Love is right at any age
Last month Valentine’s Day caused the usual flurry among retailers and die-hard romantics alike, while the usual cynics argued the day is commercial nonsense, and refused to buy into the hype.
Certainly a resthome is probably the last place one would expect there to be any kind of acknowledgement of a day that celebrates romance. Yet on the contrary, this Valentine’s Day there was also the usual flurry of activity in Radius facilities up and down the country.
Despite what many people believe until they actually reach old age themselves, romantic love doesn’t belong only to the young – it also belongs to the young at heart.
At Radius, we’ve had many examples of residents coming into our facilities lonely, having lost or separated from their spouse many years ago, and unexpectedly finding love with another resident in a similar position. Many of these residents didn’t think they’d ever get another shot at romance at this late stage in life and envisaged themselves living out the rest of their lives on their own.
We’ve even had marriages come out of these relationships, but the main benefit is the companionship that comes from re-partnering.
We whole-heartedly support our residents’ right to determine their life’s path when they come to our facilities, including their right to re-partner. What I find very interesting in these scenarios is how the wider family often reacts when the notion of romance enters the equation with an elderly relative. For some reason the news is often greeted with dismay and discomfort – the idea that “old people” might still desire romance and a shot at love is deemed to be inappropriate.

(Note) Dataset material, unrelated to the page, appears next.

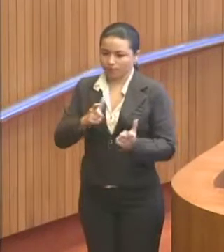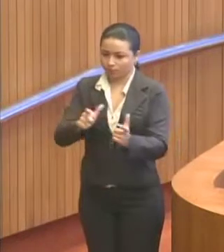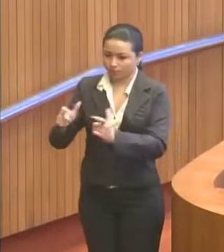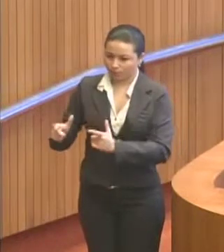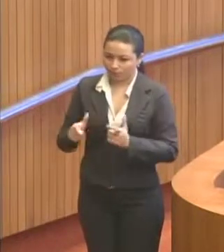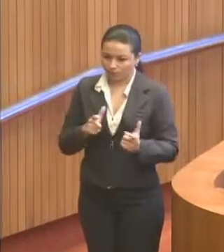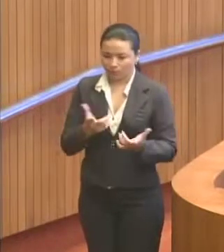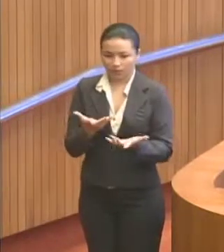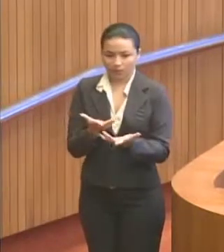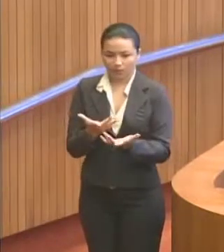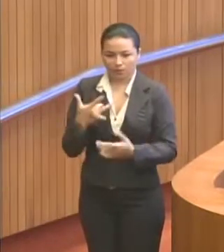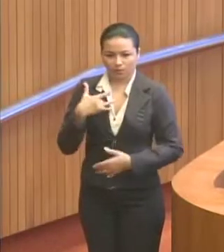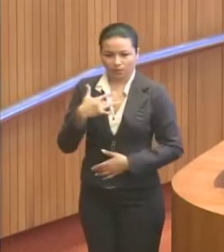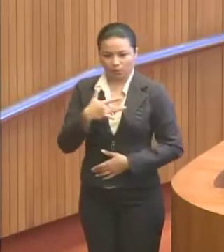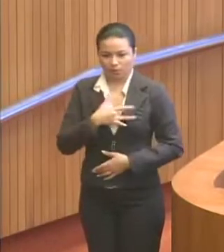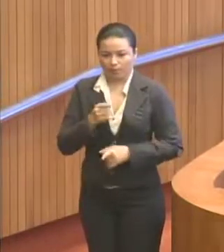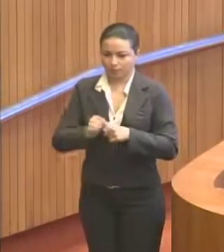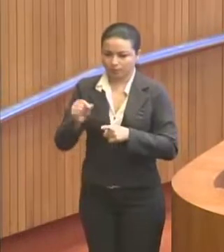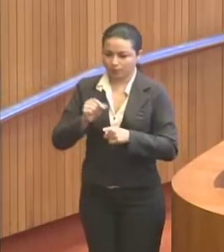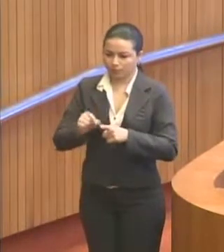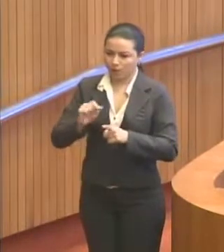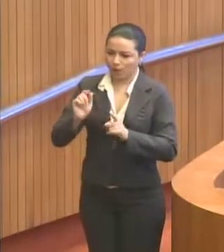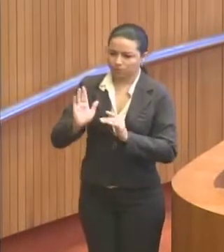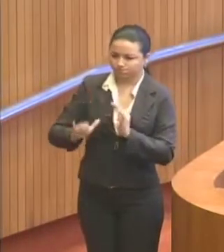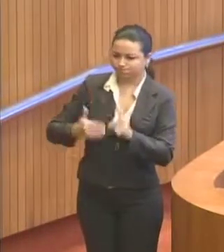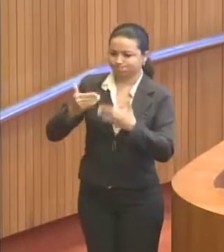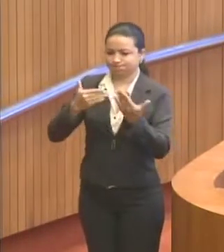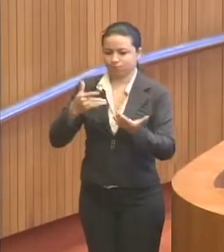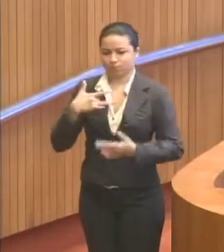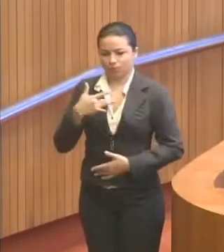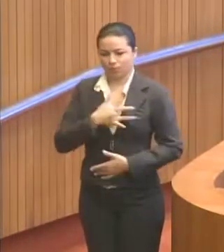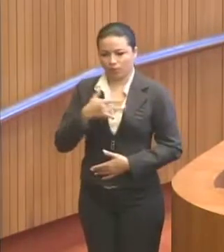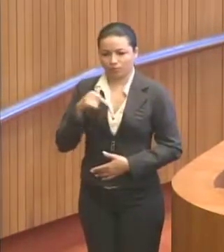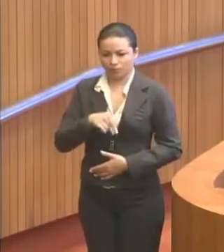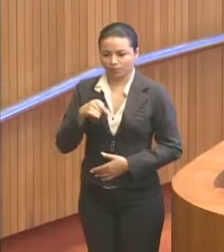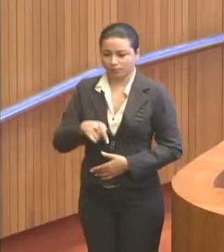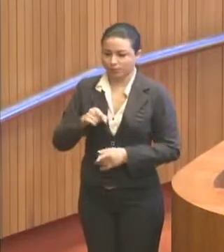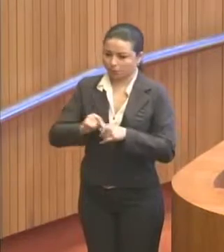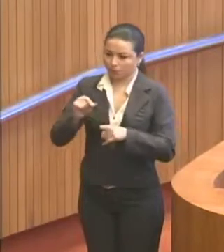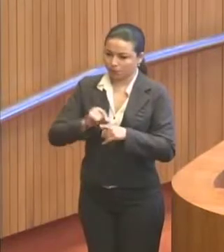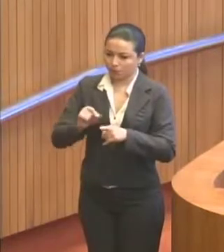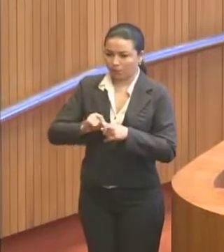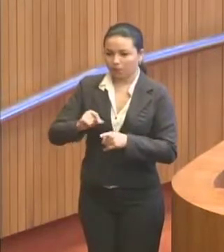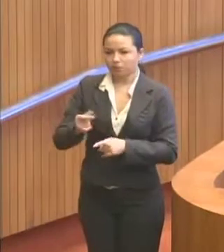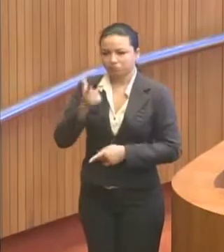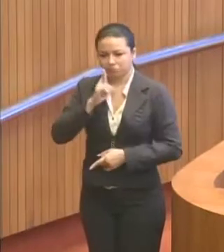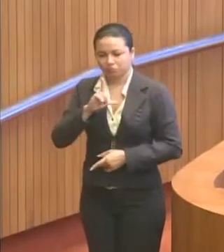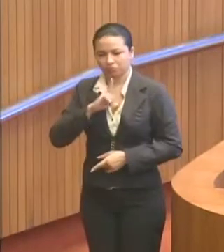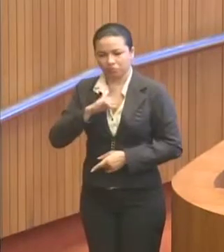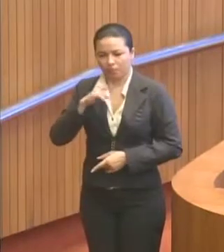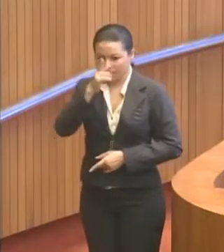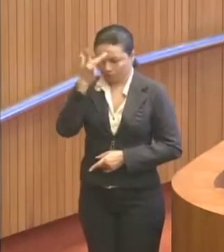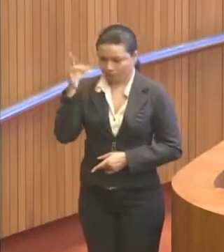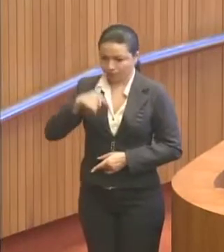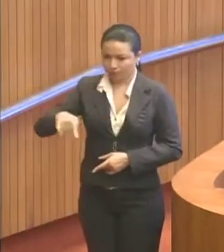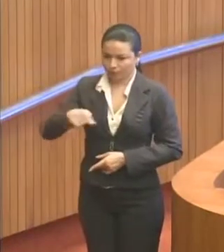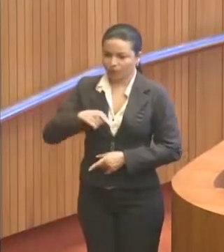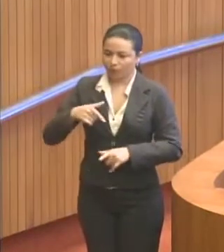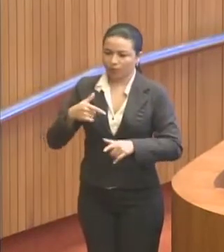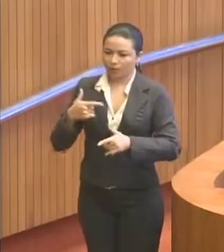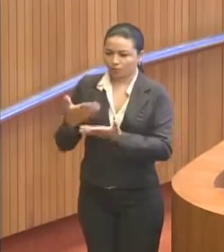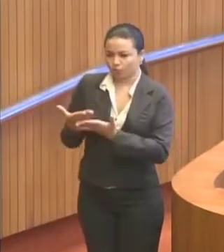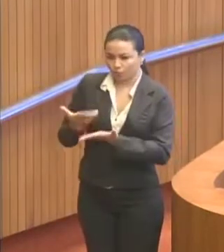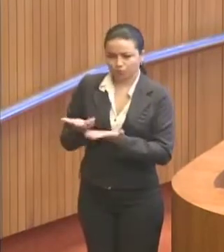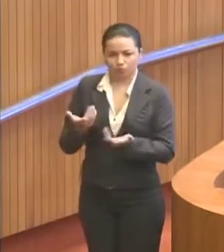upgrade na saúde de Pinheiro, vai ser contar com esses professores, com esses alunos acadêmicos, residentes, ou também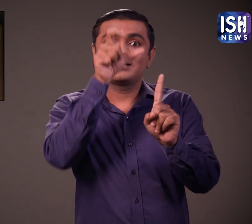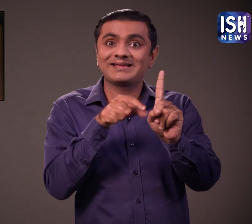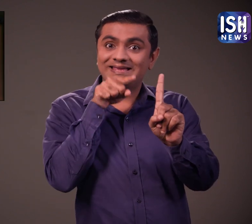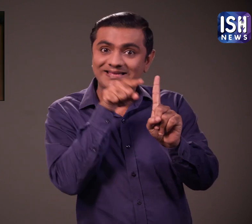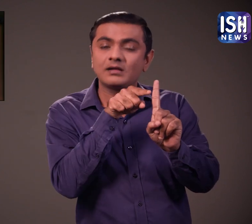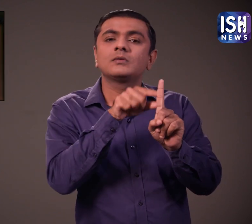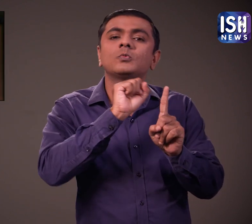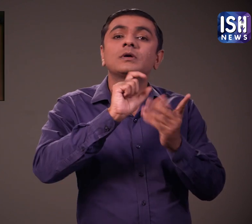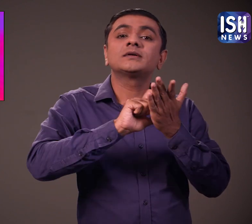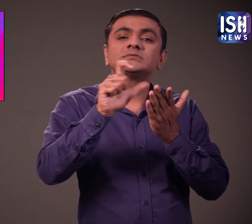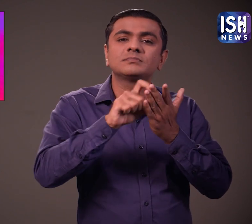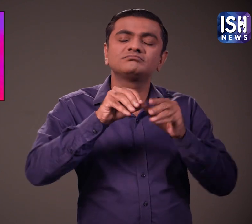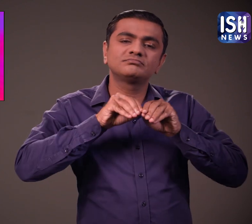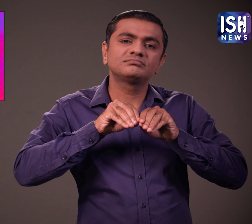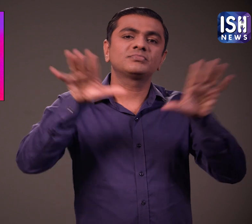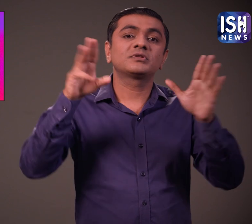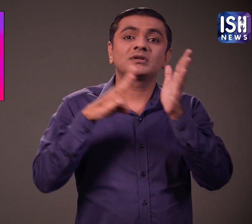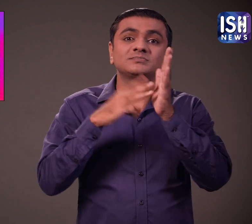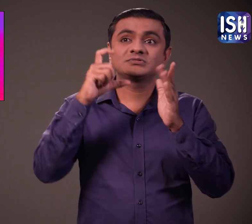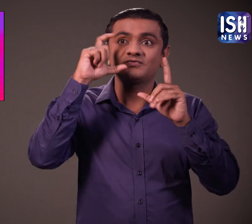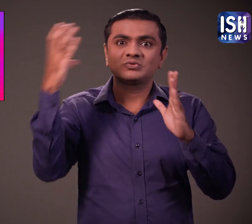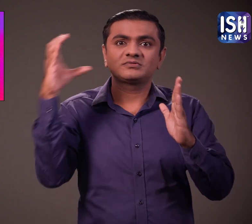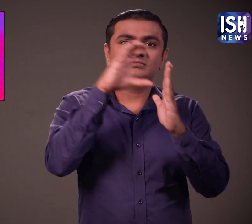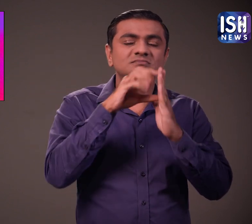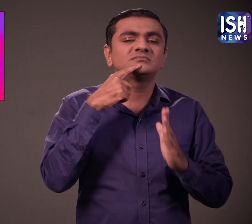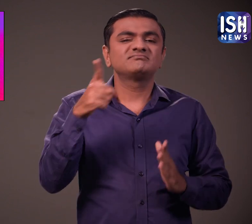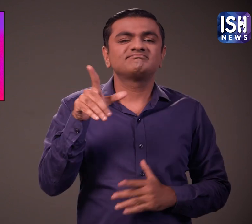तस्वीर के साथ खबर साजा की और लिखा।

In at least one instance I know of outside of Radius, the family successfully stepped in and obstructed the relationship because they didn’t think it was appropriate. The two consenting adults, who were completely of sound mind and making plans to start a “new” life together, were banned from a romantic relationship Romeo and Juliet-style, and the family managed to secure the co-operation of the staff at the facility.
For some reason once people get into their 70s and over, wider families often seem to dismiss the opinions, feelings, desires and wishes of these relatives and deem their own to be far more important. Just because an elderly person doesn’t get around as swiftly, or isn’t as quick off the mark as they once might have been, they are seen to have less right to determine their own lives and make their own decisions.
Certainly, a person suffering from dementia is going to need help making some decisions, but a small proportion of the elderly population suffers from this disease. The rest of the aging population are still more than capable of deciding on their own courses of action and making their own choices – including whether or not they wish to have a love interest in their lives.
Just because somebody comes into a care facility, it does not mean they should lose these basic rights. I believe that it is more important than ever when a person moves into one of our facilities to acknowledge and respect each individual and afford them the dignity they have earned by very virtue of making it this far in life. And if love is still on the cards, who are we to get in the way? Companionship certainly beats chronic loneliness hands down.